13 thoughts on “Love your disgusting, stinky fannymuffins: Femfresh and the backlash”

  1. Ladies, please explain this FemFresh concept to us gents.

    I’m a little confused by it, to be honest. There’s been many a time where I’ve been out for a drink with a lady, and I can’t recall a single occasion where the evening has been brought to a juddering halt by me suddenly thinking, “Hang on a minute, what’s that whiff? Is her vagina smelling?”
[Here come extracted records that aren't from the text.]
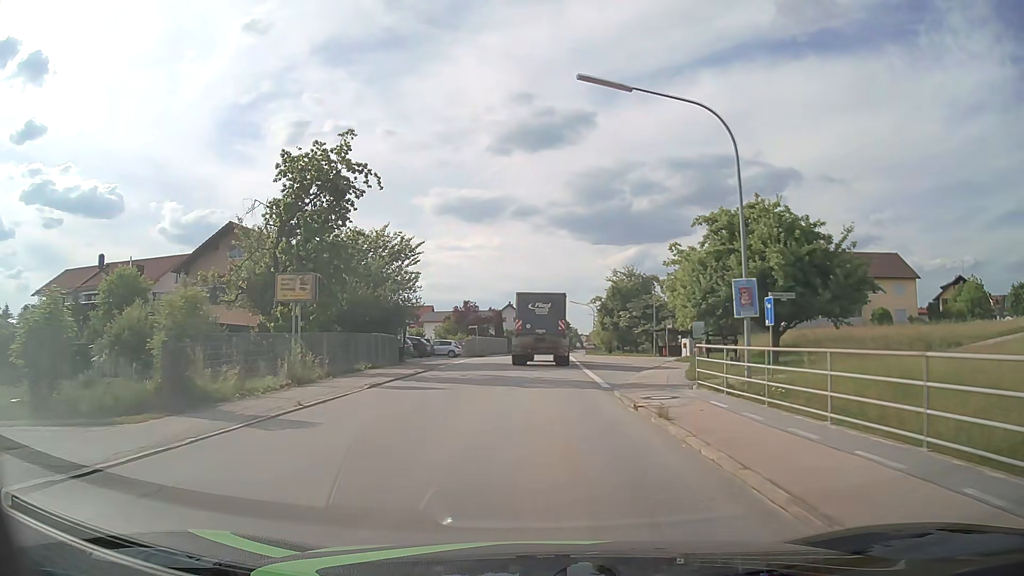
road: tertiary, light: Day
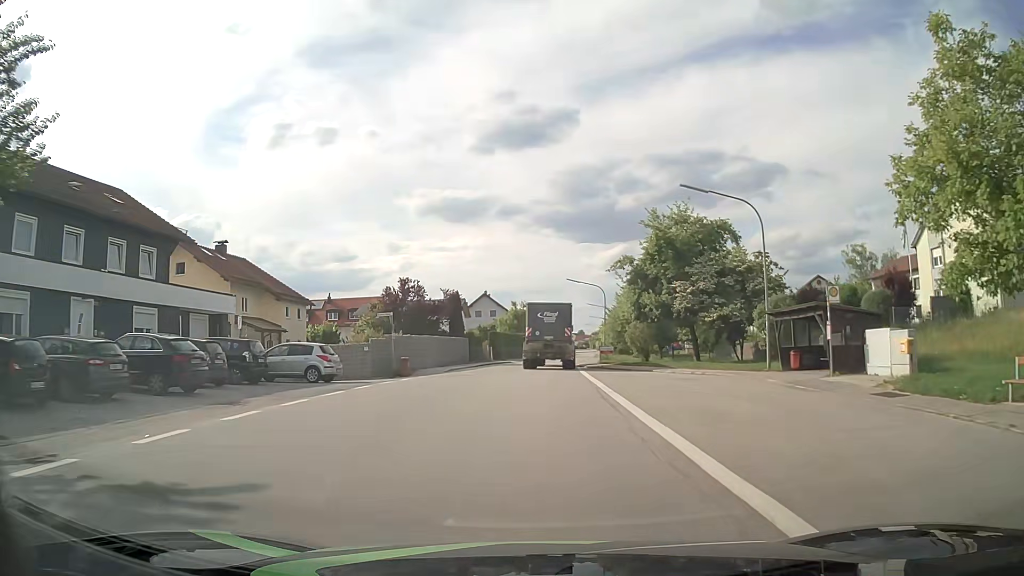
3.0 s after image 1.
(+0.5, +34.0) m; +1°
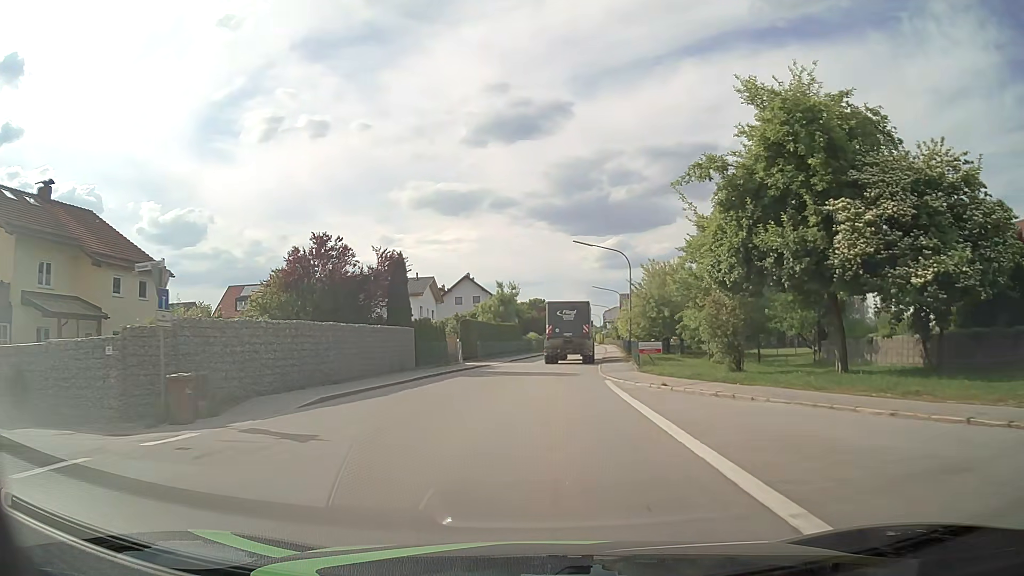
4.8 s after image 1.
(0.0, +21.1) m; 0°
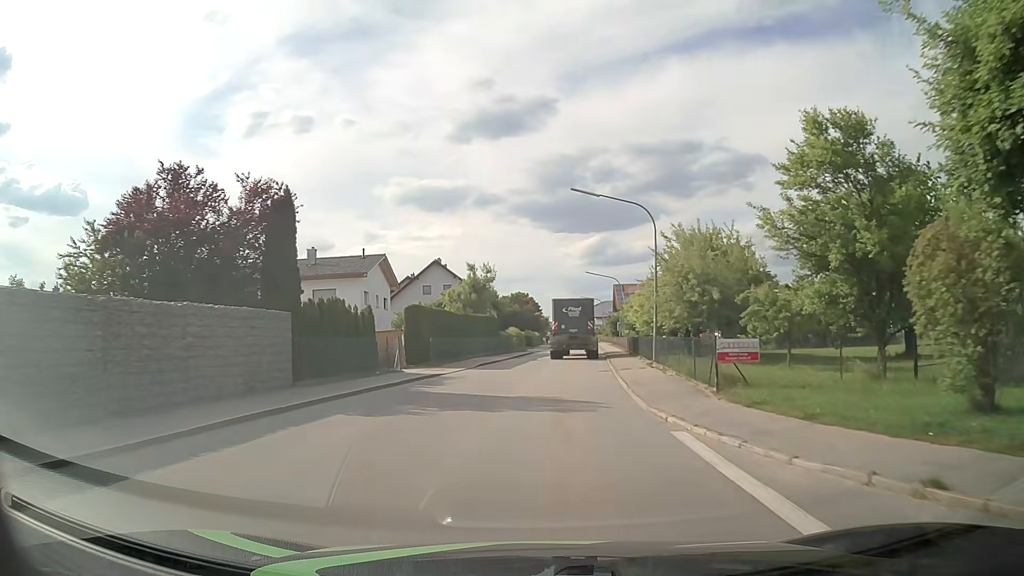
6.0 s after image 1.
(+0.1, +14.5) m; +1°
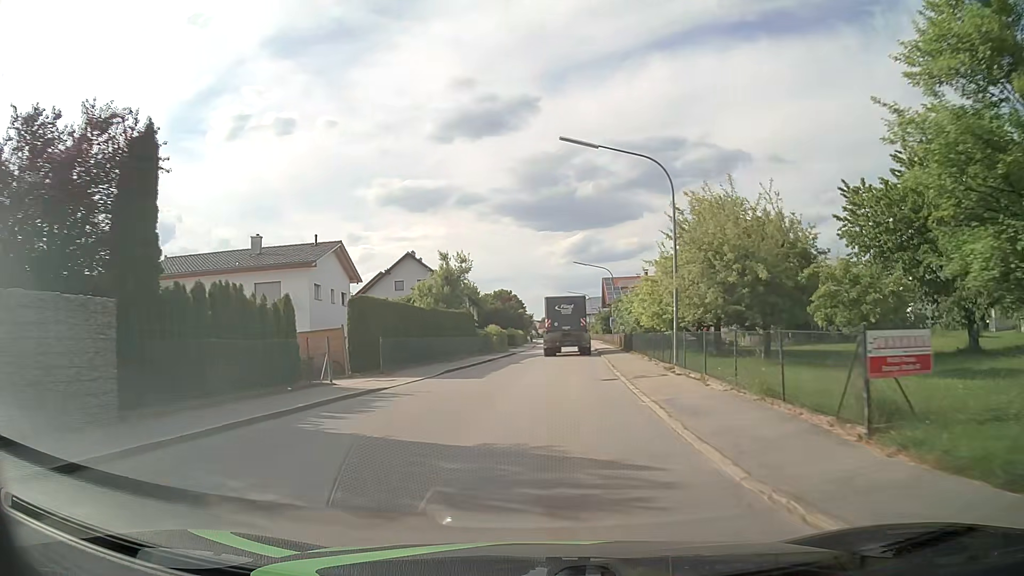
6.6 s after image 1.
(+0.1, +7.4) m; +1°
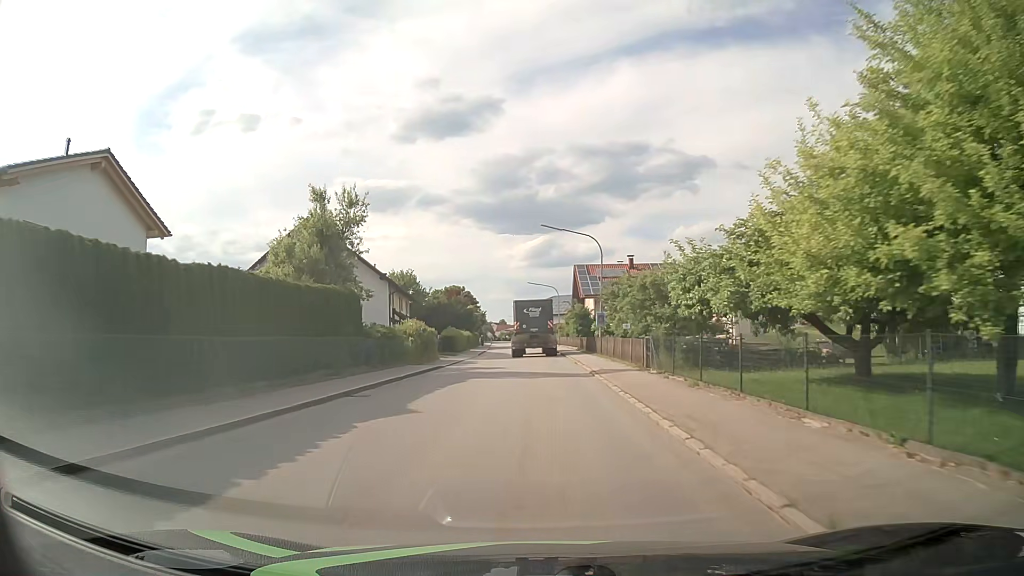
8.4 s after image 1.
(+0.7, +22.1) m; +3°
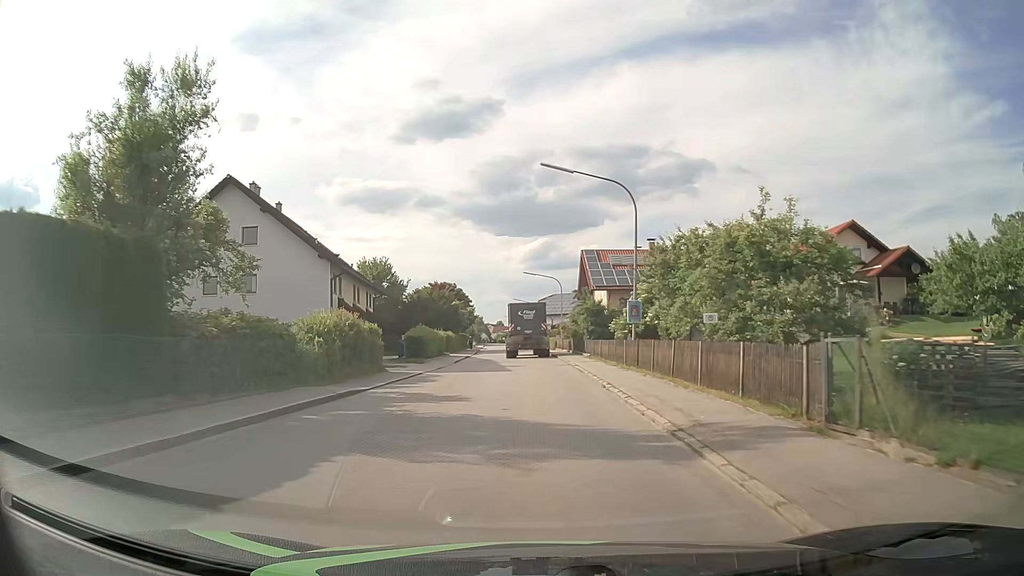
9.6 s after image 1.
(+0.1, +14.7) m; 0°
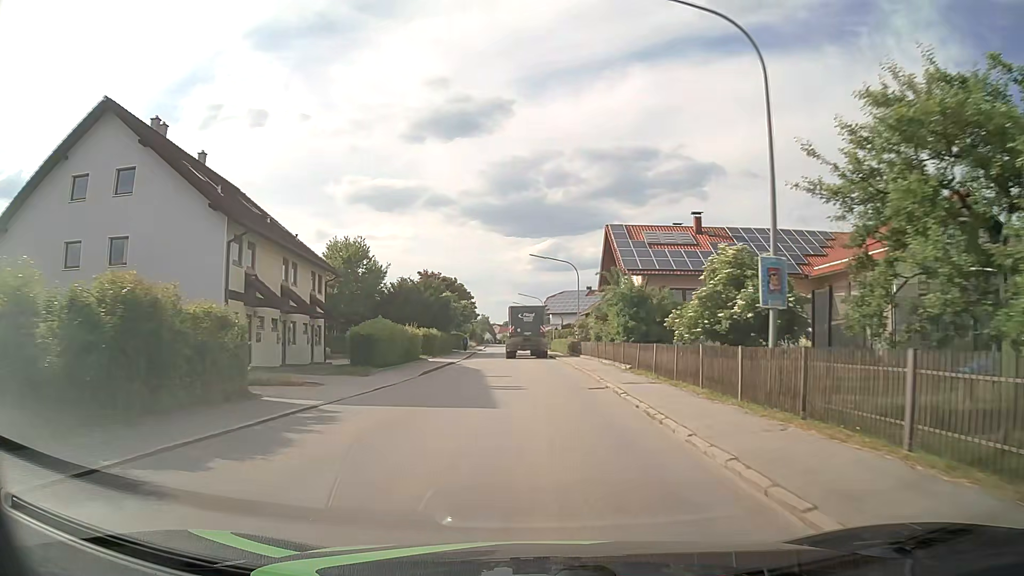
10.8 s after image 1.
(-0.1, +14.4) m; -1°
(0, +10) (0, +20) (0, +30) (0, +40) (-1, +50) (-1, +60) (-2, +70) (-2, +80) (-3, +90) (-3, +100) m

  2. I guess there’s no women working in P&G’s product development & market research teams, then.

    Or maybe there *are* and they see an increased incidence in irritation, thrush, and vaginosis as cost-effective market-development for palliative creams and ointments.

    I can’t see men pursuing that particular commercial strategy: it means LESS SEX. So I’ll put any male involvement in this one down to wilful pig-ignorance and stupidity.

    That’s a great thing to tell the shareholders: your company’s future and its public face are in the hands of toxic and irritating berks whose market-research and customer-communication efforts are so bad as to be actively injurious.

    Meanwhile, I feel no need to comment on the morals of marketing a product by making people feel ashamed and disgusted by their own healthy genitals. There are no words, and no need of them: no insult or invective worse than a factual description of the deed.

  3. I can’t believe they are claiming “vulva” is a dirty word. WHAT THE?
    It reminds me of the Ali G where he’s trying to work out which naughty words would get what film classification.

  4. With all those weird words being used as synonyms for vagina it sounds like their advertising is being run by the Teletubbies. Then again, looking at how they’ve misjudged their target audience, that doesn’t seem entirely impossible.

  5. You nailed it with this entry! I used femfresh as I was told it was kinder than soap. What a load of crock. 2 tubes of clotrimazole for thrush later and I scratch my head at exactly what was I thinking when I fell for that. I must have been unwell.